Luckily for me, that same day they removed my catheter and I was able to take my first shower. Don’t ever let anyone ever tell you the first post surgical shower is anything but heavenly. Even with the pain, I smelled clean and felt like a million bucks…for 2 seconds. My sister drove in from Austin to spend the night, and spent the evening slathering my face with different creams, ordering from the hospital cafeteria, and indulging my love of hospital pudding. She made one of the most difficult nights of my existence one of the most memorable. I love her. She’s perfect.
This isn’t my sister, but she made this. Nothing makes me happier than my niece. We ate lots of pudding together.
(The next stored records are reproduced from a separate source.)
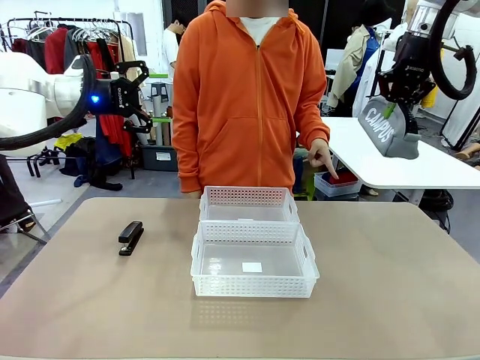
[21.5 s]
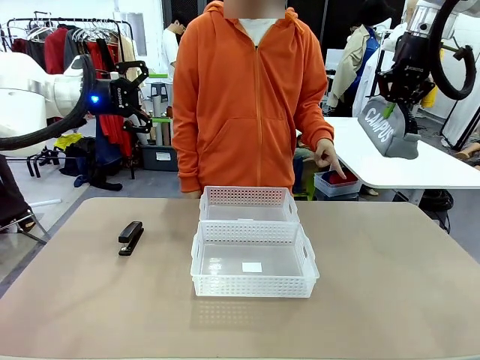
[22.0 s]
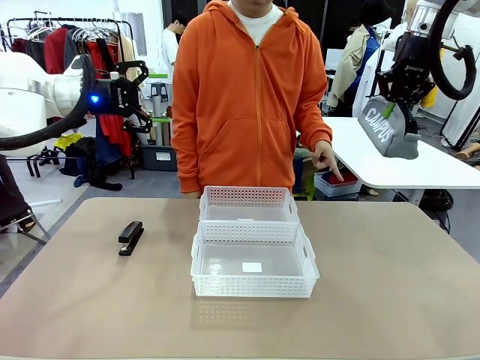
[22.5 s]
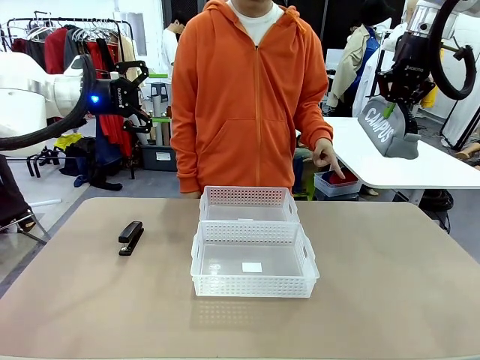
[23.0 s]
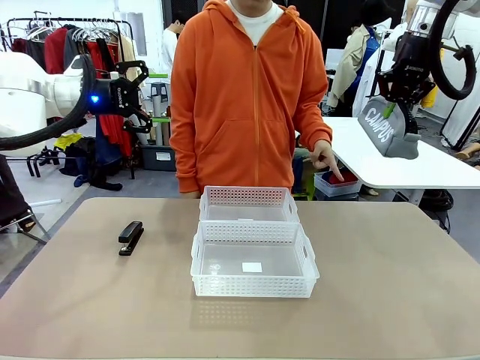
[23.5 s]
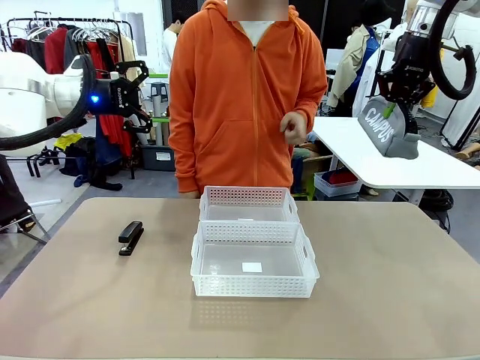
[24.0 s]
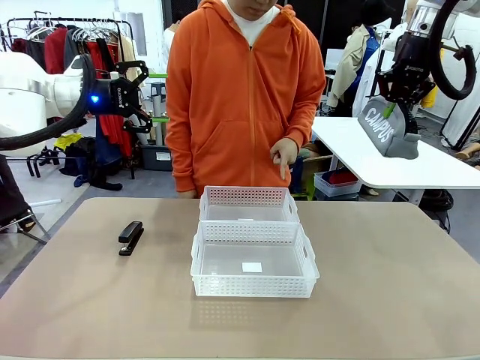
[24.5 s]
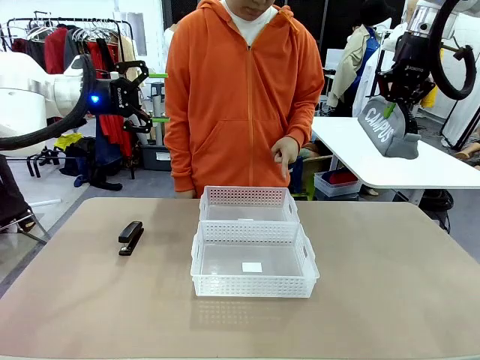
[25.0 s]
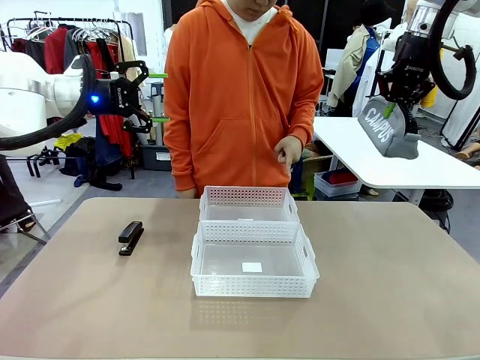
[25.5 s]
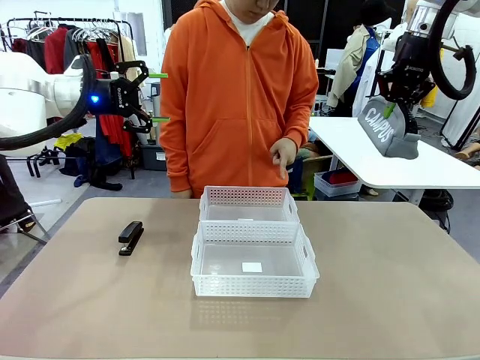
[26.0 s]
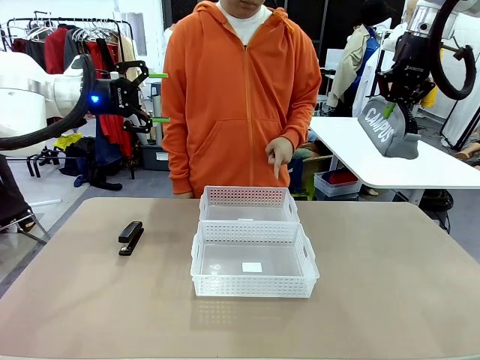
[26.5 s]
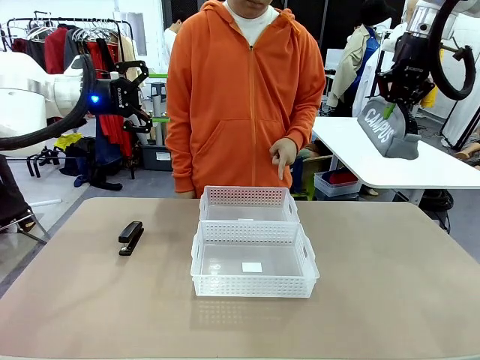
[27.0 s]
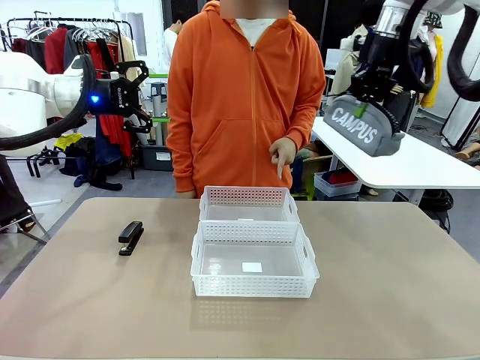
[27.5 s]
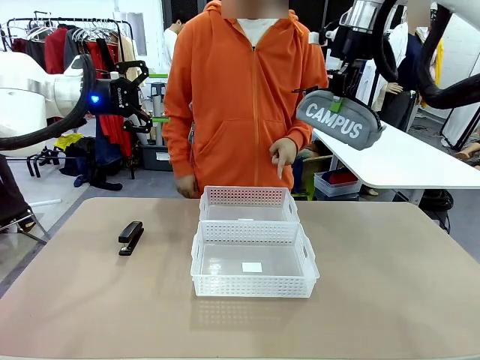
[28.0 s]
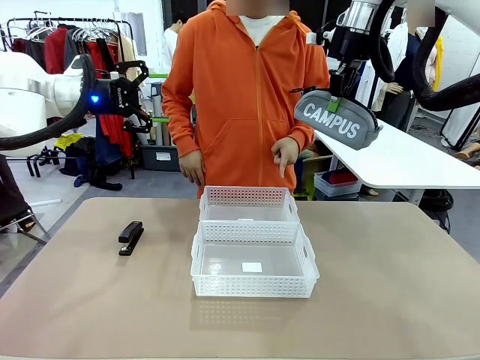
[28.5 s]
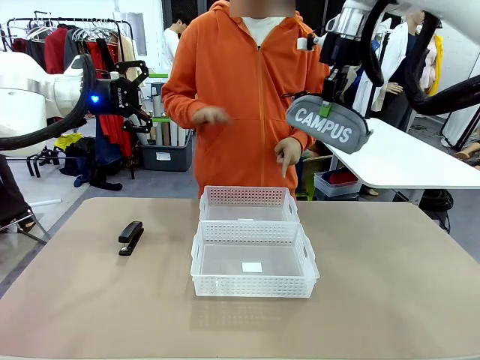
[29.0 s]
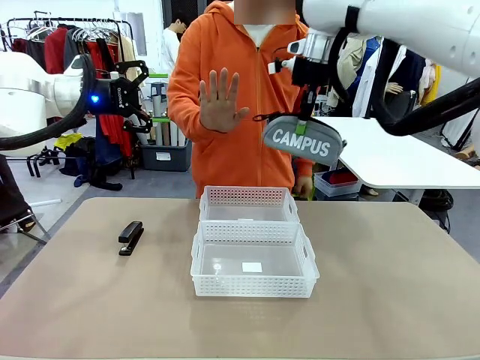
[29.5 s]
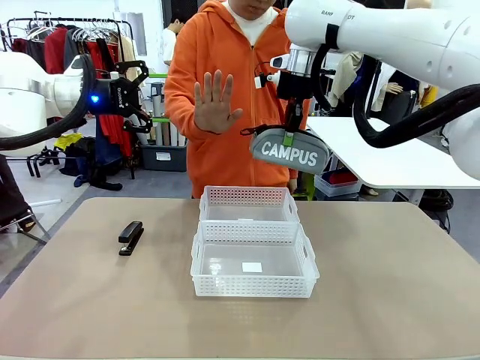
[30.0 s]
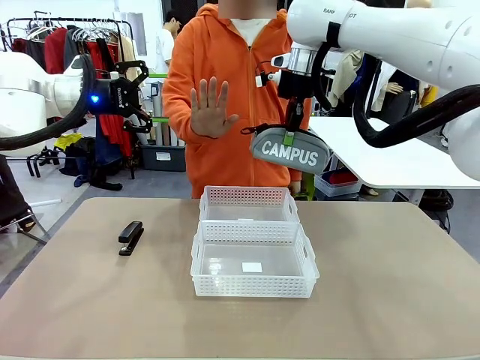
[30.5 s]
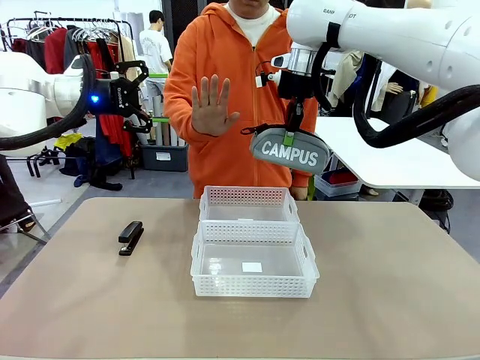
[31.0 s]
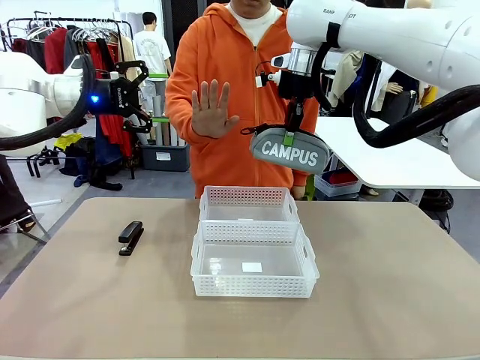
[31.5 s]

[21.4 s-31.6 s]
Task: Distribute items into two baskets.
Robot: Move the picked Pencil pouch towards the Organizing basket indicated by the person, stopping as directed.
Person: Sends a stop gesture before the robot places the pencil case into the basket.

The next day I was discharged to a hotel. I was slightly overmedicated, and a little nauseated. My father and sister were driving back to Austin, and I was left in the care of my mother, in a hotel with minimal room service, only a small refrigerator and an ileostomy I vaguely understood to recuperate momentarily from a surgery that was complicated and complex. I had enough trouble sitting up with the use of my hospital bed. What if I couldn’t get out of bed? Would my mother know how to help me? What if my pain was uncontrolled? What if my bag leaked? How would I eat? These should have been the thoughts going through my head. Instead I was ready to blow that nurturing pop stand and get on with things. Despite an impressively short hospital stay for the surgery I had, 4 days instead of 5-7, the doctors thought I was ready and so did I. Time. To. Go.